- Born: January 22, 1919 Fort McKavett, Texas
- Died: August 8, 2000 (aged 81) Ohio
- Education: Schreiner University (B.A.) University of Texas at Austin (M.S.) University of Michigan (Ph.D.)
- Known for: Studied and named many fungi native to North America
- Scientific career
- Fields: Mycology
- Workplaces: San Francisco State University
- Author abbrev. (botany): Thiers

= Harry D. Thiers =

American mycologist

Harry Delbert Thiers (January 22, 1919, in Fort McKavett, Texas - August 8, 2000, in Ohio) was an American mycologist who studied and named many fungi native to North America, particularly California. Thiers taught mycology at San Francisco State University. He comprehensively revised and expanded on the North American collection of boletes and named many new species.
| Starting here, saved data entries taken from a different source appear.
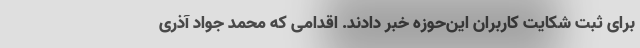
برای ثبت شکایت کاربران این‌حوزه خبر دادند. اقدامی که محمد جواد آذری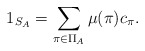
\begin{align*} 1_{S_A} = \sum_{\pi\in \Pi_A} \mu(\pi) c_\pi. \end{align*}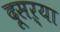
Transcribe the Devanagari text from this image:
दूसऱ्या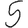
Digit: 5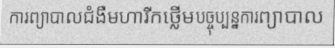
ការព្យាបាលជំងឺមហារីកថ្លើមបច្ចុប្បន្នការព្យាបាល

Species authored by Thiers include the boletes Suillellus amygdalinus, Boletus barrowsii, Xerocomellus dryophilus, Rubroboletus pulcherrimus, Leccinum manzanitae, and other mushrooms including Gymnopilus luteoviridis and Russula xanthoporphyrea.

==Legacy==
The fungal genera of Chaetothiersia and Harrya and the species of Cortinarius thiersii were named in his honor.
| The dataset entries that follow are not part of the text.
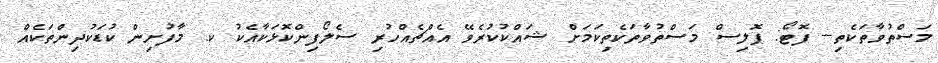
މަސްތުވާތަކެތި-- ފޮޓޯ: ޕޮލިސް މަސްތުވާތަކެތިކަމަށް ޝައްކުކުރެވޭ އެއްޗެއްހުރި ސެލޯފިންކޮޅަކާއެކު ކ. މާފުށިން ކުޑަކުދިންތަކެއް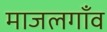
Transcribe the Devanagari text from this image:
माजलगाँव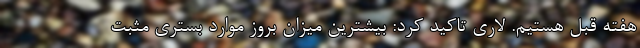
هفته قبل هستیم. لاری تاکید کرد: بیشترین میزان بروز موارد بستری مثبت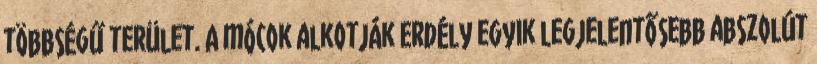
többségű terület. A mócok alkotják Erdély egyik legjelentősebb abszolút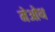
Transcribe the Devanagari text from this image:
मेओथ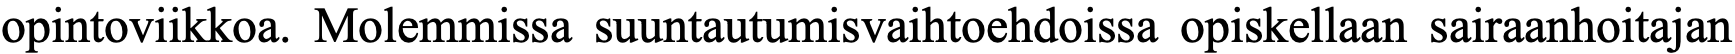
opintoviikkoa. Molemmissa suuntautumisvaihtoehdoissa opiskellaan sairaanhoitajan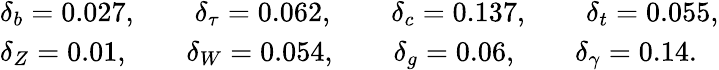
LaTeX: \begin{array}{l}{{\delta_{b}=0.027,\qquad\delta_{\tau}=0.062,\qquad\delta_{c}=0.137,\qquad\delta_{t}=0.055,}}\\ {{\delta_{Z}=0.01,\qquad\delta_{W}=0.054,\qquad\delta_{g}=0.06,\qquad\delta_{\gamma}=0.14.}}\end{array}

Botanist and herbarium curator Barbara M. Thiers is his daughter.

===Harry D. Thiers Herbarium===
San Francisco State University (SFSU) established the herbarium in 1959 with the name the "San Francisco State University Herbarium". When Thiers retired in 1989 the herbarium was given its present name. Thiers and his students collected most of the early specimens. Later, Dennis E. Desjardin and his students made major contributions. The herbarium has taxonomic coverage of fleshy fungi, lichens, bryophytes, and vascular plants. Specimens were collected from North America (especially California), South America, the Hawaiian Islands, Indonesia, southeast Asia, Micronesia, and Madagascar.